Schlesinger continues:
 
"It was true that he accepted an economic system founded on private ownership and that his policies were designed, in effect, to lure business into investment and growth. But this was not enough. The fact remained that he was outside the business ethos, that he did not regard the acquisitive impulse as man's noblest instinct nor the pursuit of profit as man's highest calling, that he was unimpressed by great accumulators of wealth, that he did not consider successful businessmen as the best brains or the most enjoyable company, that he saw then as a faction to be propitiated and not as a force to be followed, that he brought few of them around in the evening."
The reaction of the political and financial establishment was explosive. Kennedy was seen as an anti-capitalist dictator. The Wall Street Journal: "The Government set the price. And it did this by the pressure of fear -- by naked power, by threats, by agents of the state security police." U.S. News and World Report: "We reject all those who believe in a planned economy and reject the President acting like a Soviet commissar. " The Republican National Committee: "The Kennedy brothers are using Gestapo tactics." Richard Nixon: "I think we should be able to solve crises such as this one without using the third degree at 3 o'clock in the mornning." Time Magazine: "He has never attacked Khruschev, Castro or any other enemy half as hard as he attacked our own businessmen." While those businessmen wore "S.O.B. Club" buttons on their lapels and "Help Kennedy Stamp Out Free Enterprise" bumperstickers on their cars. Yet the steel price hike was rescinded. The steel companies did back down.

Yet. The lead editorial in the May 1962 Fortune Magazine asked the question: "Why did the financial interests behind U.S. Steel announce the price increase in such a way and at such a time as to deliberately provoke the President of the United States into a vitriolic and demogogic assault?"

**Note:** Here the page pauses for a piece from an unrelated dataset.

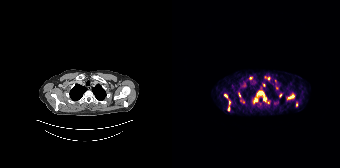
{"pet_grid":[168,168],"coord_frame":"pet_panel","coord_format":"x0,y0,x1,y1","partial":true,"lesion_bboxes":[[85,91,97,103],[115,94,122,99],[82,98,85,102],[52,94,55,98],[57,100,58,104]],"small_foci_centers":[[104,86],[124,104],[67,94],[56,108],[103,82],[108,95],[96,78],[71,101],[78,77]],"modality":"PSMA PET/CT","view":"axial","tracer":"68Ga"}

Fortune's editorial answered its own question:
 
"There is a theory -- unsupported by any direct evidence -- that Blough was acting as a business statesman rather than as a businessman judging his market. According to this theory, Kennedy's prior appeal to steel executives not to raise prices, leading to the contract settlement between company and union, had poised over the industry a threat of jawbone control of prices. For the sake of his company, the industry, and the nation, Blough sought a way to break through the bland harmony that has recently prevailed between government and business. That the threat of jawbone control was no mere bugaboo was borne out by the tone of President Kennedy's reaction and the threats of general business harassment by government that followed the so-called affront."
As Julius Caesar was warned of his coming assassination: "Beware the ides of March" -- Fortune gave the title of its editorial: "Steel: The Ides of April."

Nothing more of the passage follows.